Input for this task
= Beginning of Section =
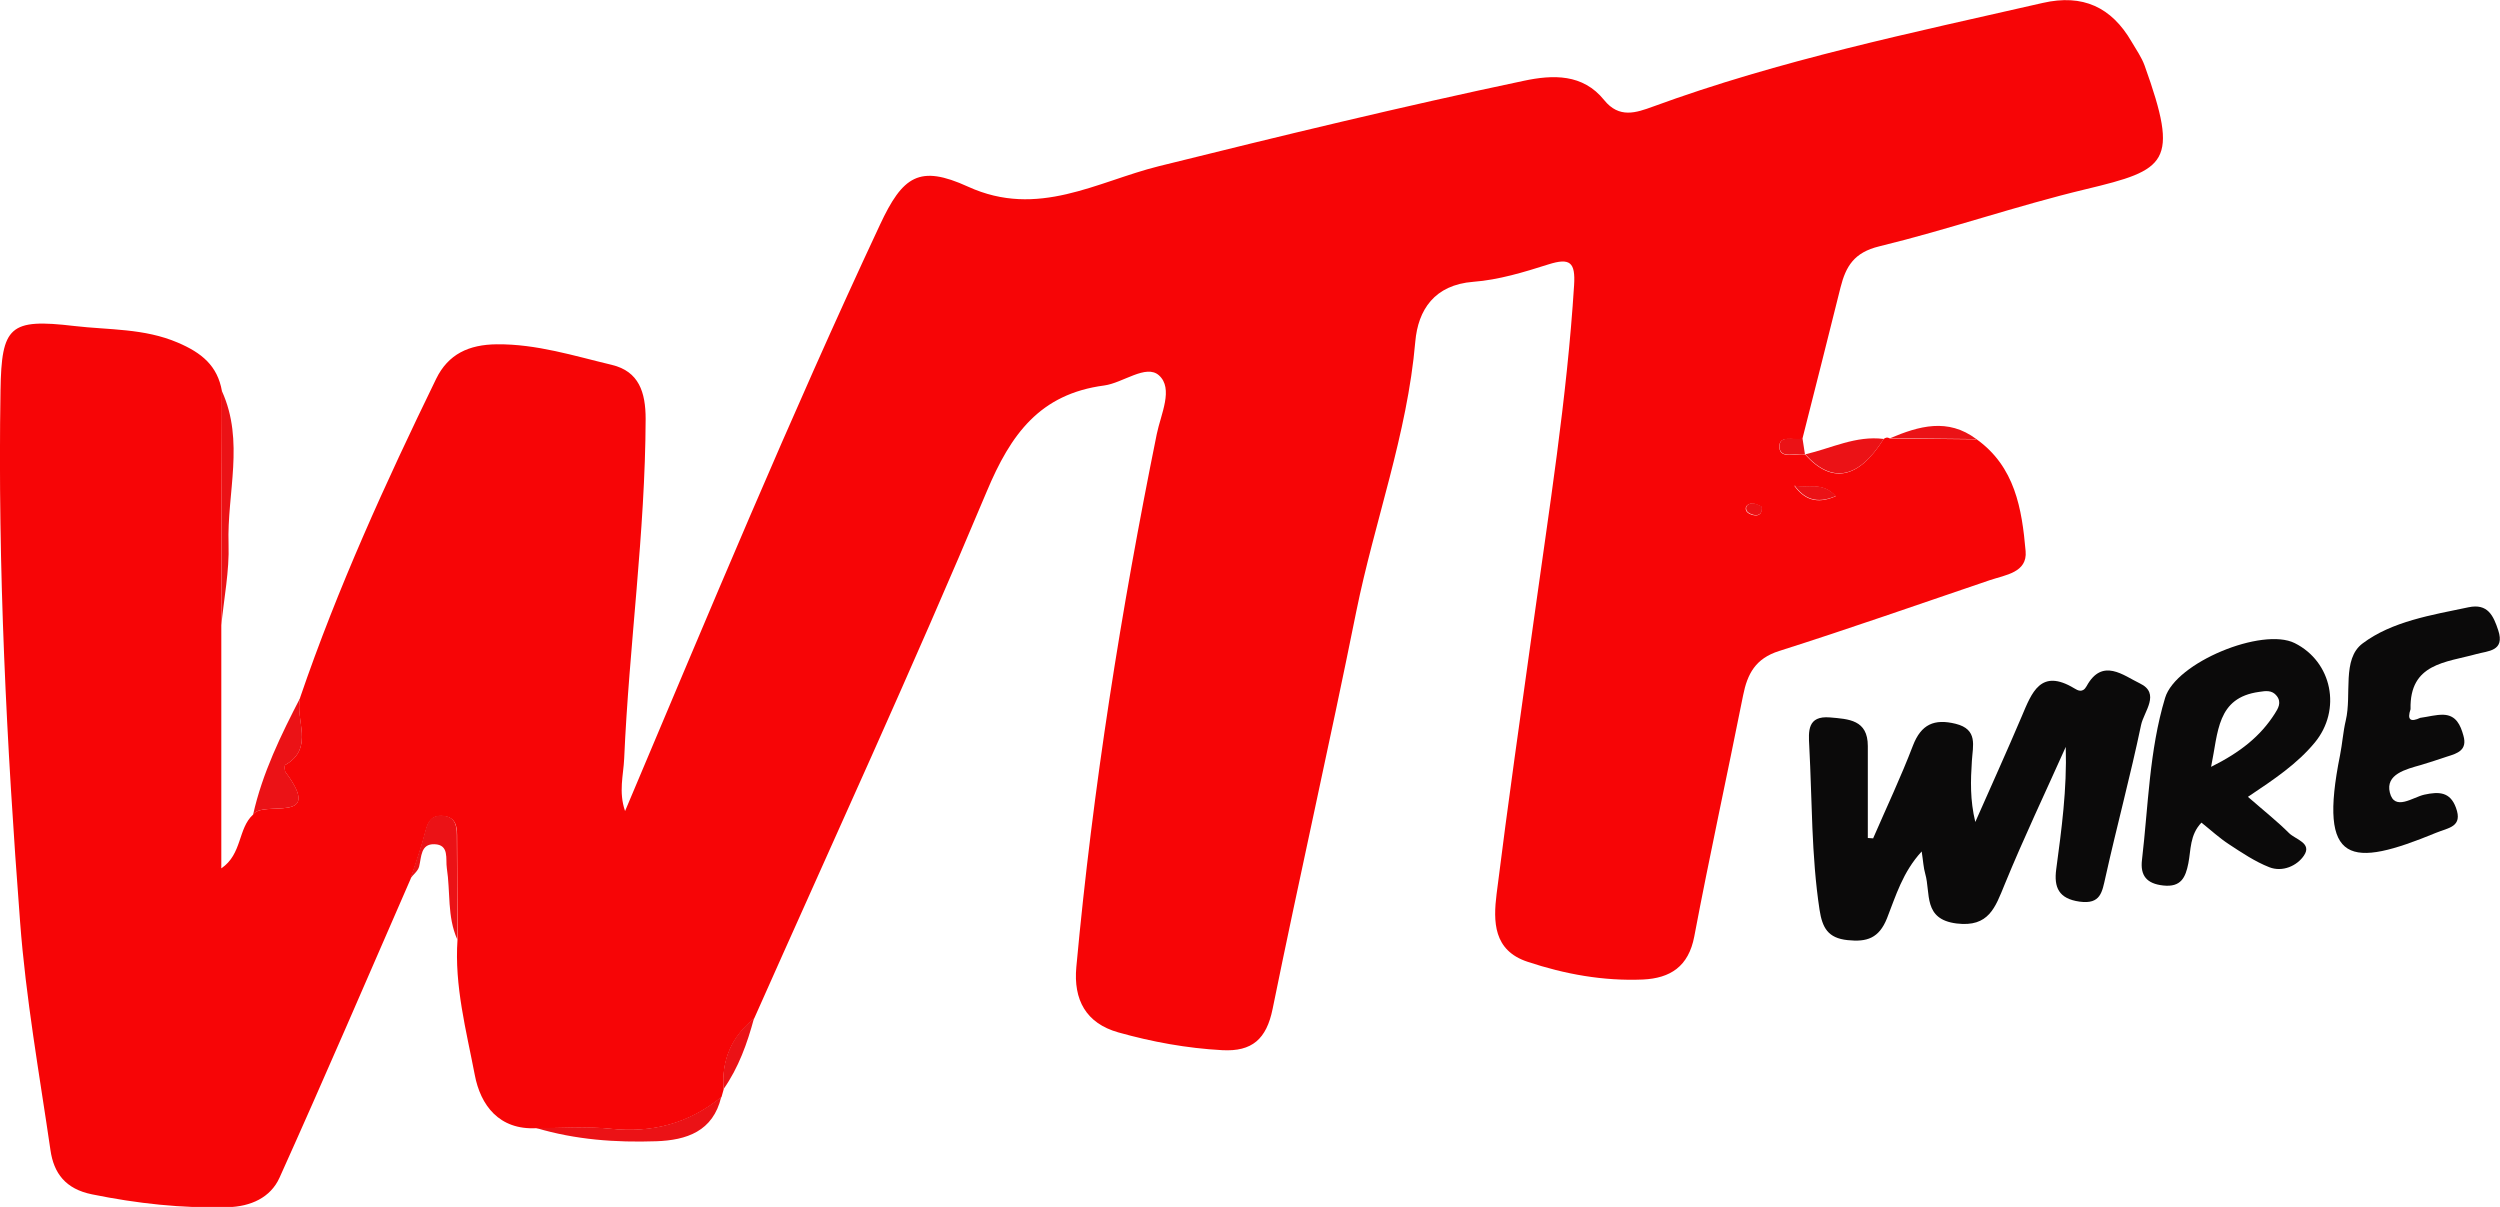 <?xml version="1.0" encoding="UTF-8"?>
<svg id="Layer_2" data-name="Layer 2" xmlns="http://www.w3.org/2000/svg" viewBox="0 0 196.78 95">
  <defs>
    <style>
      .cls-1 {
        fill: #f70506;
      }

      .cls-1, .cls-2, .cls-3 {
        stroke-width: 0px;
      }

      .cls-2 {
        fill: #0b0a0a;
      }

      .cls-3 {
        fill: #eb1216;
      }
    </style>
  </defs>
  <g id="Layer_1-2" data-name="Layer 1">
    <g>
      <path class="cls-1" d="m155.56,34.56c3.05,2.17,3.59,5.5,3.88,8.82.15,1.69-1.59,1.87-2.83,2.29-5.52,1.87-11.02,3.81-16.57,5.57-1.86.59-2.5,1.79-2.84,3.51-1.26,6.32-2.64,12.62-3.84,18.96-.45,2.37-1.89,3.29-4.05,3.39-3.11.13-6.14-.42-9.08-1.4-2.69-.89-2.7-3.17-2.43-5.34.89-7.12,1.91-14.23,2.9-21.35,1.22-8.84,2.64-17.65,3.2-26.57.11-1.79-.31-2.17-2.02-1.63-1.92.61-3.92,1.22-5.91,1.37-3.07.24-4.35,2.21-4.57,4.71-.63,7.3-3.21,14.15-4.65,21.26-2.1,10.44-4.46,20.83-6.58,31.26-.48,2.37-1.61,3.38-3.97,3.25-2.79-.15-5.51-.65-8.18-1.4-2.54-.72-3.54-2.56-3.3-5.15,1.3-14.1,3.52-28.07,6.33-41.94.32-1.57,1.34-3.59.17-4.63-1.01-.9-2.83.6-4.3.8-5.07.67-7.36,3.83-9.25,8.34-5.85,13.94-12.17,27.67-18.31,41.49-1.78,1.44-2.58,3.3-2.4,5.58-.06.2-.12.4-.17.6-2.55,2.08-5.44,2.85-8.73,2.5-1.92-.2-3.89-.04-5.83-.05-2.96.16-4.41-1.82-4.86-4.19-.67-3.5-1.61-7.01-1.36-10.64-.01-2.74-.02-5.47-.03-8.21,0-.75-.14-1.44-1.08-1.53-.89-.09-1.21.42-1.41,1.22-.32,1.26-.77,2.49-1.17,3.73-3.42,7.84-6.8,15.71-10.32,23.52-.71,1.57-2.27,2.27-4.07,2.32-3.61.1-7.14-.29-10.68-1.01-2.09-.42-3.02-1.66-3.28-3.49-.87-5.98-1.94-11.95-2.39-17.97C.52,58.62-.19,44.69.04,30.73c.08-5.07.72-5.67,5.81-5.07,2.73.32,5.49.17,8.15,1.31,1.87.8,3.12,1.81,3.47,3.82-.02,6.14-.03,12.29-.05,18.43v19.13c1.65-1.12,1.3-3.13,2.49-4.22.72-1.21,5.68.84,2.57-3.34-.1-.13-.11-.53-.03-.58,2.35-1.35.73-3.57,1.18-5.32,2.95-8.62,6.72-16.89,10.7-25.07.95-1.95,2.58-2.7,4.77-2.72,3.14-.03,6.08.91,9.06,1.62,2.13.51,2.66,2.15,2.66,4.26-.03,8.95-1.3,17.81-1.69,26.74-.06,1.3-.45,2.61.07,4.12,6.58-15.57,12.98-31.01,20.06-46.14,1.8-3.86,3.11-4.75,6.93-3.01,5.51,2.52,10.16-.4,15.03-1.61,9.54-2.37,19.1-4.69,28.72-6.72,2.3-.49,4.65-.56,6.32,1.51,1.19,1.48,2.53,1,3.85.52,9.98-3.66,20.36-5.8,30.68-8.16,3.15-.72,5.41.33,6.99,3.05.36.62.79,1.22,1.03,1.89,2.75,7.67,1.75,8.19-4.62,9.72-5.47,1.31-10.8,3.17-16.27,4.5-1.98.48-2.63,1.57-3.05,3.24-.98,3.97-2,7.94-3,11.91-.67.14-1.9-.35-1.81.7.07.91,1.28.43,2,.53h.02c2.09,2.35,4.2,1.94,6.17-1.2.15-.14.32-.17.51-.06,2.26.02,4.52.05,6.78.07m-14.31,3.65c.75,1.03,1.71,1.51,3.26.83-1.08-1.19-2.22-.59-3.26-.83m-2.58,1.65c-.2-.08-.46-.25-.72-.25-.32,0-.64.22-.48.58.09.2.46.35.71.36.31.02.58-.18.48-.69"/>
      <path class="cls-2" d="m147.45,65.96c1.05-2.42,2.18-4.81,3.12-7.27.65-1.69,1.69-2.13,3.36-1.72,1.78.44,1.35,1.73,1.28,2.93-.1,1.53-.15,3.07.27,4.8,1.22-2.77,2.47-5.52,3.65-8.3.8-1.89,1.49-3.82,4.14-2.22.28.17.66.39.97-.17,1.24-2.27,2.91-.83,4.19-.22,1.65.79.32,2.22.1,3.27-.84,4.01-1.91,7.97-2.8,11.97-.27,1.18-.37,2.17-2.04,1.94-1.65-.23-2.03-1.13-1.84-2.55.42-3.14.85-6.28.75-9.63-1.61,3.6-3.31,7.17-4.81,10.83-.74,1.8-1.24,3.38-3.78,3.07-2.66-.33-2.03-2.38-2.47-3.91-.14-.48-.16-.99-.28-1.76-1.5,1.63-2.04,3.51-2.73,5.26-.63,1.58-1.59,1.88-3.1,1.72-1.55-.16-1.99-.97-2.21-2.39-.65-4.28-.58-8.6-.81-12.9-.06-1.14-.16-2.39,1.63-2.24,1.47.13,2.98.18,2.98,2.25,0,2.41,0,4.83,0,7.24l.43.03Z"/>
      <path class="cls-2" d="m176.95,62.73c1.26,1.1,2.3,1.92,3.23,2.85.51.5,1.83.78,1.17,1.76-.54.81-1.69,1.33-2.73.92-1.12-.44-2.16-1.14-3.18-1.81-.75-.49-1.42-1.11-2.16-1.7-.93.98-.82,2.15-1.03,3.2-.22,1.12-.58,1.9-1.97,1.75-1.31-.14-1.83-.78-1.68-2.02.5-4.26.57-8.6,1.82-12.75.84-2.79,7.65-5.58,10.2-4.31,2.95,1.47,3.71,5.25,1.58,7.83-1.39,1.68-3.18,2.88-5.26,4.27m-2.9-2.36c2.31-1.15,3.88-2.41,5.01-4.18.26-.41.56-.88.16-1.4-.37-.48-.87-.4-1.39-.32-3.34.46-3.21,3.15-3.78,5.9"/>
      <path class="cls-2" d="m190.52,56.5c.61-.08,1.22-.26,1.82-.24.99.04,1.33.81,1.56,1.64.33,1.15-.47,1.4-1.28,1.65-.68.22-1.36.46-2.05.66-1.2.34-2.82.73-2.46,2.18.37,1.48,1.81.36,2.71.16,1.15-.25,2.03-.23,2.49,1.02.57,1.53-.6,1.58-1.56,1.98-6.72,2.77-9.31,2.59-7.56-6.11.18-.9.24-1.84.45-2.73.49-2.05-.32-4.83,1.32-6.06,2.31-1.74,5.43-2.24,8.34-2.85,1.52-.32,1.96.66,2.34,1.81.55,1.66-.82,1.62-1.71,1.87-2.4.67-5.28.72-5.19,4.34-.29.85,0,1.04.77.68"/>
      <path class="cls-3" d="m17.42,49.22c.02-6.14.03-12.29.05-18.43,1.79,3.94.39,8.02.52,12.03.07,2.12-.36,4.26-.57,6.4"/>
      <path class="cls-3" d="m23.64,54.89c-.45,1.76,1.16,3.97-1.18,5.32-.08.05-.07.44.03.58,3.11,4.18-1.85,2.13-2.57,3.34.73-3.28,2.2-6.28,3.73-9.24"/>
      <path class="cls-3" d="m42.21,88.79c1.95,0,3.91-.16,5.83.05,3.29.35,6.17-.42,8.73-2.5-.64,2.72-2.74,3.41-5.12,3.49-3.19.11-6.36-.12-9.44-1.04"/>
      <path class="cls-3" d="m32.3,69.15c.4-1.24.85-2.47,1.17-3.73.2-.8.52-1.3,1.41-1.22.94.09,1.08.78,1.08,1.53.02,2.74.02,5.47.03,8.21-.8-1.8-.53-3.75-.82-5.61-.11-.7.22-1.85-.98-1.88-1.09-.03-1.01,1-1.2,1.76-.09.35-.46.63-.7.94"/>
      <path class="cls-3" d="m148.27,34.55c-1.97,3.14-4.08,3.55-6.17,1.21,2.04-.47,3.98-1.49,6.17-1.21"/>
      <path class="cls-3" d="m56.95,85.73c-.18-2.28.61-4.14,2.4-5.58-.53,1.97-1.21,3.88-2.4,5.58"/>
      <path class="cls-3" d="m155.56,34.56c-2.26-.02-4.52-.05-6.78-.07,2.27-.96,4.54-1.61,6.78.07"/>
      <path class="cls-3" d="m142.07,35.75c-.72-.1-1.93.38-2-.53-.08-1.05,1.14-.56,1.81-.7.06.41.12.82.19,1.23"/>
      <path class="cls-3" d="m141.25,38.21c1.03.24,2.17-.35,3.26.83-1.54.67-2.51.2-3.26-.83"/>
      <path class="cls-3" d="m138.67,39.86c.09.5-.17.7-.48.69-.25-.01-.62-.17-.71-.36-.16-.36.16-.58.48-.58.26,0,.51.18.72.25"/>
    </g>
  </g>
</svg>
= End of Section =
Your instructions
Nothing but a number should be given: the count of lines in the entries that contain the word "fill".

Response below
3